To judge the effectiveness of the projects, the foundation would closely track students before and after the interventions. Some ideas would certainly fall short, but the colleges would know what worked and what did not. The project was named Achieving the Dream: Community Colleges Count.

The effort began in 2004 with 27 colleges in five states and has grown to 58 colleges in nine states. Lumina has invested $56-million in the project and recently promised an additional $18-million to continue its work until 2012. Foundations including the Heinz Endowments and the Houston Endowment Inc. have also put up money.

Two dozen more colleges, the final group, are expected to join the project this summer.

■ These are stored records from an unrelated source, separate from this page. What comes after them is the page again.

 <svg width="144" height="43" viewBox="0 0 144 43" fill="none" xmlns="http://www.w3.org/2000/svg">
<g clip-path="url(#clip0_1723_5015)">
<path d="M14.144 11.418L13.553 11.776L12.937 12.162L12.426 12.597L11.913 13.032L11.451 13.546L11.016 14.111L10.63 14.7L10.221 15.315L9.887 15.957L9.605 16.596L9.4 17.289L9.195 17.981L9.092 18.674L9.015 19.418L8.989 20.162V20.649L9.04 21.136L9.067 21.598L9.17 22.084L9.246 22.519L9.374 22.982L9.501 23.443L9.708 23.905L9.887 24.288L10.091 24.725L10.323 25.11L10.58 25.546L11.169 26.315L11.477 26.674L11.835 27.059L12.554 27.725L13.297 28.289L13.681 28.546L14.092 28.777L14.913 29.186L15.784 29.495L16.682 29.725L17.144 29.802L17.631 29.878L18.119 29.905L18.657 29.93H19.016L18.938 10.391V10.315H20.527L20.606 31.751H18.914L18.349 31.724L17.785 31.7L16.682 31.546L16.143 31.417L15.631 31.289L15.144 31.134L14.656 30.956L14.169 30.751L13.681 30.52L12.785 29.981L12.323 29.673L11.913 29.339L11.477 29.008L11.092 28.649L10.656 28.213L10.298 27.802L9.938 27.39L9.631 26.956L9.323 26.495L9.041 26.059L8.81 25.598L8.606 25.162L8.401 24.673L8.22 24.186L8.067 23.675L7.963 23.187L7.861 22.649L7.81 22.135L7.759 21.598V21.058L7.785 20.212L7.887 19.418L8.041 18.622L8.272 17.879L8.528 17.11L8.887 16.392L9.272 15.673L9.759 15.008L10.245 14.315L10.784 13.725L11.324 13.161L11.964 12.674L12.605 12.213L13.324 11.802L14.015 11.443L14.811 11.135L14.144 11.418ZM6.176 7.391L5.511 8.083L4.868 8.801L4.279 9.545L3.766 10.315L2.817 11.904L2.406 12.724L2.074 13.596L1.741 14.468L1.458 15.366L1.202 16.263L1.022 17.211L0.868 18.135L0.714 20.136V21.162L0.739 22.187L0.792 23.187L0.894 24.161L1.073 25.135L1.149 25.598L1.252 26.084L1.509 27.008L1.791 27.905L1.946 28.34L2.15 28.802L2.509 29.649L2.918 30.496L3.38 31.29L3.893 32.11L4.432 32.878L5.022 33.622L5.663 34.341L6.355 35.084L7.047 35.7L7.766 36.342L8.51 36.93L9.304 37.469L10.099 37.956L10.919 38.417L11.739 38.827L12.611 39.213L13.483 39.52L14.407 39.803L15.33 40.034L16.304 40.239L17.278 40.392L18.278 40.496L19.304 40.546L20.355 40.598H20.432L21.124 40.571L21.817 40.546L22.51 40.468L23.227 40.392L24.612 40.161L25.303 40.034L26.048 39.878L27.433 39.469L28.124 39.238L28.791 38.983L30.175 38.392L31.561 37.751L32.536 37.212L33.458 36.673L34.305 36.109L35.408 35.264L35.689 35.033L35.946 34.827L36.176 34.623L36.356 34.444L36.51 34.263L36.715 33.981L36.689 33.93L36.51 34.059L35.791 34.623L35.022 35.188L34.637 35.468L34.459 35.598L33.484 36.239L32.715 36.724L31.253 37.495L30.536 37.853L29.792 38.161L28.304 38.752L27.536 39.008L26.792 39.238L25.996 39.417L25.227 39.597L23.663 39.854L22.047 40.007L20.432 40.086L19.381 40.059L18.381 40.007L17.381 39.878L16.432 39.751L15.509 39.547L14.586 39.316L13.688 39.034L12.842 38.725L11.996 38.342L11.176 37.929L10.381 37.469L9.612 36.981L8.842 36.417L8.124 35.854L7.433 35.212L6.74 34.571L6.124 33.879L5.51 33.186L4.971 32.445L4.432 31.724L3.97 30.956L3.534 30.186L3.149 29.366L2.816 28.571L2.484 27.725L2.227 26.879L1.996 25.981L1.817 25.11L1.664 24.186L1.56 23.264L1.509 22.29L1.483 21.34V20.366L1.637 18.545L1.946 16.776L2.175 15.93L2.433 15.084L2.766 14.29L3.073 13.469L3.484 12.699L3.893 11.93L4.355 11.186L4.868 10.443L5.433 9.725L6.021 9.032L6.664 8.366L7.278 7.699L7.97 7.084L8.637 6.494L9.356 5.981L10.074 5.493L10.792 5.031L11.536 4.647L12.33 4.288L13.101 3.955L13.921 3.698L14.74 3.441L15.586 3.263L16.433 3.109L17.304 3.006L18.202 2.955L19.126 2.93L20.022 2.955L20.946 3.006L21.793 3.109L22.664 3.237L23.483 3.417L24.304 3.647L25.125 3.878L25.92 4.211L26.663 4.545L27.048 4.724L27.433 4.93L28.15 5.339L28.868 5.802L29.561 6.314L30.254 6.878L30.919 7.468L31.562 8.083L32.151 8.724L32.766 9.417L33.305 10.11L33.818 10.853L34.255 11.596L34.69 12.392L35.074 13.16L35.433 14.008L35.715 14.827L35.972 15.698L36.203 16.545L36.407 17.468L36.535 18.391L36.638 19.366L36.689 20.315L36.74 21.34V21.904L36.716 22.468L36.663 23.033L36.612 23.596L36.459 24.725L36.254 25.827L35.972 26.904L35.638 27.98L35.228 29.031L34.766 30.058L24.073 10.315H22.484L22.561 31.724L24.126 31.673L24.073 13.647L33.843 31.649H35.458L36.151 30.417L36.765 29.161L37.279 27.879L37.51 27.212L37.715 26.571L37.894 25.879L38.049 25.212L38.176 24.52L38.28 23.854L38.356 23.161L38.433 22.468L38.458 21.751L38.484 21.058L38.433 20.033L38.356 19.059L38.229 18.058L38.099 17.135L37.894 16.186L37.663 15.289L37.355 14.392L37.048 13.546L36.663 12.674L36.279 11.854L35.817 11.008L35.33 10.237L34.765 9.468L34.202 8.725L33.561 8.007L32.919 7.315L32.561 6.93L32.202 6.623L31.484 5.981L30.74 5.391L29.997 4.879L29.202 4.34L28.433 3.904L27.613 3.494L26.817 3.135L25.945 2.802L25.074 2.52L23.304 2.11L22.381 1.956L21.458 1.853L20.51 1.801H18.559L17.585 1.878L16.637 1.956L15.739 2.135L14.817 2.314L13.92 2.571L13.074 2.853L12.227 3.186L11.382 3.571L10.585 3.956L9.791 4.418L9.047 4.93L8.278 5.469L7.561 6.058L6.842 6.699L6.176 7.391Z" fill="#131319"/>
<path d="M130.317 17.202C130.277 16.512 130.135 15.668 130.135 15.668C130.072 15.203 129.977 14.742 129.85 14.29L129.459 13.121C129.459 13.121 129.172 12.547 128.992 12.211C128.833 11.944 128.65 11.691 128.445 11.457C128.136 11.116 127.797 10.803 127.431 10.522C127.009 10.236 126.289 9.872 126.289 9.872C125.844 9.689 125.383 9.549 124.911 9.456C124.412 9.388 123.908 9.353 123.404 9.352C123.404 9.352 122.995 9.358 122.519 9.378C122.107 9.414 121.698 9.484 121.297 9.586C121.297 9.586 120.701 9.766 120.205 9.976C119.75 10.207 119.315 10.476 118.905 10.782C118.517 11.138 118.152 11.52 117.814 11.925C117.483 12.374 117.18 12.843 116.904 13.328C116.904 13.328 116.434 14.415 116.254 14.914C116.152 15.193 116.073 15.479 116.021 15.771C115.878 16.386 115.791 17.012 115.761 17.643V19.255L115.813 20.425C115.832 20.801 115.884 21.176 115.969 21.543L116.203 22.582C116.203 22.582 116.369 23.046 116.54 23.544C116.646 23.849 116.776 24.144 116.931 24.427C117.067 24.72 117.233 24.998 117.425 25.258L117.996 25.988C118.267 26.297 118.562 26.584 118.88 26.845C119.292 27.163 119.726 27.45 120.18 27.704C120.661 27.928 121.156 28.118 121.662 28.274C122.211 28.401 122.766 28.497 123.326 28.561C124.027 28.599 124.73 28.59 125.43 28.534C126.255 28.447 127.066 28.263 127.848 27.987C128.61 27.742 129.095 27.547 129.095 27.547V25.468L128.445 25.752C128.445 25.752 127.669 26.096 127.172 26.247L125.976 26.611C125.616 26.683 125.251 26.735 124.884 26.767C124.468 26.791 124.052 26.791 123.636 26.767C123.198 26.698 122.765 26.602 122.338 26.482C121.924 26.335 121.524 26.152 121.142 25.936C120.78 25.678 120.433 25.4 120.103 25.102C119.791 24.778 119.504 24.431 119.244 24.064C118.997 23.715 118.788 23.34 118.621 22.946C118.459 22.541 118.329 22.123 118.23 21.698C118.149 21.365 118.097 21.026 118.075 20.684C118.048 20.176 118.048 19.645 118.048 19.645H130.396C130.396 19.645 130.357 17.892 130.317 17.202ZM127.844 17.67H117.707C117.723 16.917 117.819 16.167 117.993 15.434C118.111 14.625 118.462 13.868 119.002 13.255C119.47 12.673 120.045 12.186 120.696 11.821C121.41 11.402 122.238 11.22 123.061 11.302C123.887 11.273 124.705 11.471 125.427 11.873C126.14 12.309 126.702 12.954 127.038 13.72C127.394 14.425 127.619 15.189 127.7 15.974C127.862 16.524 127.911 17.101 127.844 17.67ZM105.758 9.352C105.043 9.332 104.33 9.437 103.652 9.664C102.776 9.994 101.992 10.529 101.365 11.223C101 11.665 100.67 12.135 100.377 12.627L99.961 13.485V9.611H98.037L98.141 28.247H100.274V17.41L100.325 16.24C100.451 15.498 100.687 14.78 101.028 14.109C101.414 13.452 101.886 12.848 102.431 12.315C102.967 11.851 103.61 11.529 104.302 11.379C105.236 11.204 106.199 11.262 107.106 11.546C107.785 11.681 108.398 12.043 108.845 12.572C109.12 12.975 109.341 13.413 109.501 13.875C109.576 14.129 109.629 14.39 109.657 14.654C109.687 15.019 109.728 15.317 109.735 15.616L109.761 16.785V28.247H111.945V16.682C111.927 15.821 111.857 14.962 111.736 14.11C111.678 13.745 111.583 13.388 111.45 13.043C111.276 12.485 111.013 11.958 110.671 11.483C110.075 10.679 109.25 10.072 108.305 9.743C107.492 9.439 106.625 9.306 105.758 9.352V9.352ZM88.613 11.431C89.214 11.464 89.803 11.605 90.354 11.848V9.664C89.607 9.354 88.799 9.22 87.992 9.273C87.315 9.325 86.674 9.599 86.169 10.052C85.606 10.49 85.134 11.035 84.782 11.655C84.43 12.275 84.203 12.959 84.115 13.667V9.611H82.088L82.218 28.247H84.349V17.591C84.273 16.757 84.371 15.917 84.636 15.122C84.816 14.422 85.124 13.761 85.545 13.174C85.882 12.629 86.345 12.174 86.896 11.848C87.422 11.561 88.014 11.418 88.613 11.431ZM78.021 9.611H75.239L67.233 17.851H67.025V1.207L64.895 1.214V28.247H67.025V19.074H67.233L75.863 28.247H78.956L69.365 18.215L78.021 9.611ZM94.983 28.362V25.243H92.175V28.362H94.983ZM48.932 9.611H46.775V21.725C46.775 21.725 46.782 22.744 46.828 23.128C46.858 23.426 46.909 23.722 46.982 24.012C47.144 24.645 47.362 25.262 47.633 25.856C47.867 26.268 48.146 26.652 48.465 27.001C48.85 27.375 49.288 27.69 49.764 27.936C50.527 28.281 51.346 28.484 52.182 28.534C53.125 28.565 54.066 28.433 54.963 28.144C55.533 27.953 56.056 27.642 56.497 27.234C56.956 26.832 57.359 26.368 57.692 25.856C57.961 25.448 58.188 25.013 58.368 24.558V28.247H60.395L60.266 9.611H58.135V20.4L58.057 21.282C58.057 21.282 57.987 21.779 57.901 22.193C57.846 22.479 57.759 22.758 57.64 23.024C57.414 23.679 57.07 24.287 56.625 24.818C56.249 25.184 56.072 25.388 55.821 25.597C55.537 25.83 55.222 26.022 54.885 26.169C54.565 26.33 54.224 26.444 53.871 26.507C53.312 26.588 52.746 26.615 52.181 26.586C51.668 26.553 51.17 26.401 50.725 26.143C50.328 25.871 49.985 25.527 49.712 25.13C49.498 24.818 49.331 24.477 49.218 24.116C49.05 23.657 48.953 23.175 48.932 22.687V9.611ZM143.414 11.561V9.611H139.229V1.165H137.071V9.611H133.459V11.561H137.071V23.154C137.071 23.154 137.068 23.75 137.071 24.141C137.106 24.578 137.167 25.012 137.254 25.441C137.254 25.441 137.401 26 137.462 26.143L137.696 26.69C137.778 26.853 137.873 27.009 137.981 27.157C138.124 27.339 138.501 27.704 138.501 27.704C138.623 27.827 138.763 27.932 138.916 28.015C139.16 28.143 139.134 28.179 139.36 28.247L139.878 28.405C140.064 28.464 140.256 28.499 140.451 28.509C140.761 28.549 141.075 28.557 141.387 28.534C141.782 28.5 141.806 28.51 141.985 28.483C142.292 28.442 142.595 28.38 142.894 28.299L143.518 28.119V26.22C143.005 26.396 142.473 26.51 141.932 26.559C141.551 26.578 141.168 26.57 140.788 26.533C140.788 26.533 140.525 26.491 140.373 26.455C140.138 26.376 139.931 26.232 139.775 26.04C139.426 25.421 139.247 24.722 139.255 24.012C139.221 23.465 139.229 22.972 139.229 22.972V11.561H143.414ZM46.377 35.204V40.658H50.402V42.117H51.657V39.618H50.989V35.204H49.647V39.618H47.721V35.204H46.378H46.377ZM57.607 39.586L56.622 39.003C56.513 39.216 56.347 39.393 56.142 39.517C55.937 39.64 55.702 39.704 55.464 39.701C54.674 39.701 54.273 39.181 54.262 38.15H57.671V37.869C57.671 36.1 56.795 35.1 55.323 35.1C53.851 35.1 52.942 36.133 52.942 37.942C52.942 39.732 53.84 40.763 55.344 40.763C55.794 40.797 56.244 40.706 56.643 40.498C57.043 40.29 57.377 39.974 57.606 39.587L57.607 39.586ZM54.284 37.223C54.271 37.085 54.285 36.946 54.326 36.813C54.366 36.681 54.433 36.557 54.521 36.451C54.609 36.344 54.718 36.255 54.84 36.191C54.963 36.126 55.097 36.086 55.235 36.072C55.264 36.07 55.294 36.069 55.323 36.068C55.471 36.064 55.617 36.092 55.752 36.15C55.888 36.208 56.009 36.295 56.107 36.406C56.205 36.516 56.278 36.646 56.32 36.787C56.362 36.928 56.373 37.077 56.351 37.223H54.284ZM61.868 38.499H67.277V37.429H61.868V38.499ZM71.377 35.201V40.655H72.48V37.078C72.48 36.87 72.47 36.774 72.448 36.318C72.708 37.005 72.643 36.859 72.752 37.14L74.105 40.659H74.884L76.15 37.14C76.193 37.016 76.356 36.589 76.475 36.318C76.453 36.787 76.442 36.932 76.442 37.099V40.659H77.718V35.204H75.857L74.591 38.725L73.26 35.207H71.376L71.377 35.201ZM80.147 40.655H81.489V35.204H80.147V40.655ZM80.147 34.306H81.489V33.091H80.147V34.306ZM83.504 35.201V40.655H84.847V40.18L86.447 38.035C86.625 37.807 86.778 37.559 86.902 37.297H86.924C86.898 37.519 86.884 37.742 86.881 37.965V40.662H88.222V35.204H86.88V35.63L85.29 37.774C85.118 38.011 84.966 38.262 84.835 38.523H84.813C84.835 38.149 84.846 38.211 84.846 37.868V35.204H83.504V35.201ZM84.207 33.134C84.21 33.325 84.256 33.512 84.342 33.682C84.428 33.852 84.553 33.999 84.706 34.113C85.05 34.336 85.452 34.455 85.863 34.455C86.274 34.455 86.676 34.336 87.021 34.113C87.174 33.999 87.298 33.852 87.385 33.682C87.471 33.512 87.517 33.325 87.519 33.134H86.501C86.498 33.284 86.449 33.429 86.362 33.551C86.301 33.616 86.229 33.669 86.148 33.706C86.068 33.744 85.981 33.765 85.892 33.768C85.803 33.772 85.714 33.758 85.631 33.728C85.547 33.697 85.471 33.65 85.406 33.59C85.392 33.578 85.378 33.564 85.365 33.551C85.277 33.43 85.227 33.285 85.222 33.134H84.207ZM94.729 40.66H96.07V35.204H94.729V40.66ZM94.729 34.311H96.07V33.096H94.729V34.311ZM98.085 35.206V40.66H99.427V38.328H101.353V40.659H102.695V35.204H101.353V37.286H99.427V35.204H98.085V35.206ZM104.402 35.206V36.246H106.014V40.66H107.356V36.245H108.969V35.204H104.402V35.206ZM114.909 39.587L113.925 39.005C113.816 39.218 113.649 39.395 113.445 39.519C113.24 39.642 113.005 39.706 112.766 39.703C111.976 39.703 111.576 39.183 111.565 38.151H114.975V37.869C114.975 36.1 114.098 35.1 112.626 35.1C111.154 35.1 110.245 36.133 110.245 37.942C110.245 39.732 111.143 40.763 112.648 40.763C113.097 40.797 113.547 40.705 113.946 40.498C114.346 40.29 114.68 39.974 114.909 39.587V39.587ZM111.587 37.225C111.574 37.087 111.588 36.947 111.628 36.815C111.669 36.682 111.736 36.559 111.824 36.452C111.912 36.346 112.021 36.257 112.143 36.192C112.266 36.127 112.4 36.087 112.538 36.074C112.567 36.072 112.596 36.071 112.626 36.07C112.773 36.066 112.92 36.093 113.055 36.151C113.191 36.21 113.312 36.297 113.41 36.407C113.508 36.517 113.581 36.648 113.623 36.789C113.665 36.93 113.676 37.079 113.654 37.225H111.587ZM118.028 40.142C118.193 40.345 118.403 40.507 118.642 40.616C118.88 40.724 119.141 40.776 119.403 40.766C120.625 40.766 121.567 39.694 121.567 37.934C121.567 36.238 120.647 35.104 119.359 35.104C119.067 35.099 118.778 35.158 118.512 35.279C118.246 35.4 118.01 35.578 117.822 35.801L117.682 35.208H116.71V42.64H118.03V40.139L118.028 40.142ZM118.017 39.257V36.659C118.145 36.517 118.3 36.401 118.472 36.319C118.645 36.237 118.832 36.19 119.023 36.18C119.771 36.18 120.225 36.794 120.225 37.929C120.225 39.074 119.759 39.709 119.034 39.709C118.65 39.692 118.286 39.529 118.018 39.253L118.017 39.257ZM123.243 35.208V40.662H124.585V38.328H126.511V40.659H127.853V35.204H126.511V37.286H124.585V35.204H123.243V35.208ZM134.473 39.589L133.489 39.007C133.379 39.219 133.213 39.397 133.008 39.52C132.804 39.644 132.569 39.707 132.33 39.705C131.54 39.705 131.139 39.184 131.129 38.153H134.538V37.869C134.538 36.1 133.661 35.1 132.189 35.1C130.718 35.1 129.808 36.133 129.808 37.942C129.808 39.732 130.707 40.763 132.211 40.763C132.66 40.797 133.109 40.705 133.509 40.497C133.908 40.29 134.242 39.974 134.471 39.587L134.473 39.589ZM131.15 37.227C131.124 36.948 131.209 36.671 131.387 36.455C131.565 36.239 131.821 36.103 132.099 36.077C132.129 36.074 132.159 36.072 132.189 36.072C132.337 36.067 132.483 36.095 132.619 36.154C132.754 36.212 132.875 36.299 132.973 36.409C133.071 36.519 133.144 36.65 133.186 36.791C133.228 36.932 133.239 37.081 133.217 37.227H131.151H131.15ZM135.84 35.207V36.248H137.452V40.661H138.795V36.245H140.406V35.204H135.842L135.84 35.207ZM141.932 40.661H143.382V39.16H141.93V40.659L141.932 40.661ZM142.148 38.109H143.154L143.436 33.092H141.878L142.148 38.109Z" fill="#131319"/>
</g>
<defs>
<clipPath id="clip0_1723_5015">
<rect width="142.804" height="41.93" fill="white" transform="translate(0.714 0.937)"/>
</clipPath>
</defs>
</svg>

Achieving the Dream has developed such a cachet in community-college circles that those institutions were willing to bring their own money to the project, a requirement for the colleges in the final round.

Still, three years in, it is not clear whether the project will have any lasting impact on participating colleges, much less on the two-year-college sector as a whole. And more than the future of the institutions hinge on that question. The project, after all, is about improving the educational prospects of thousands of disadvantaged students.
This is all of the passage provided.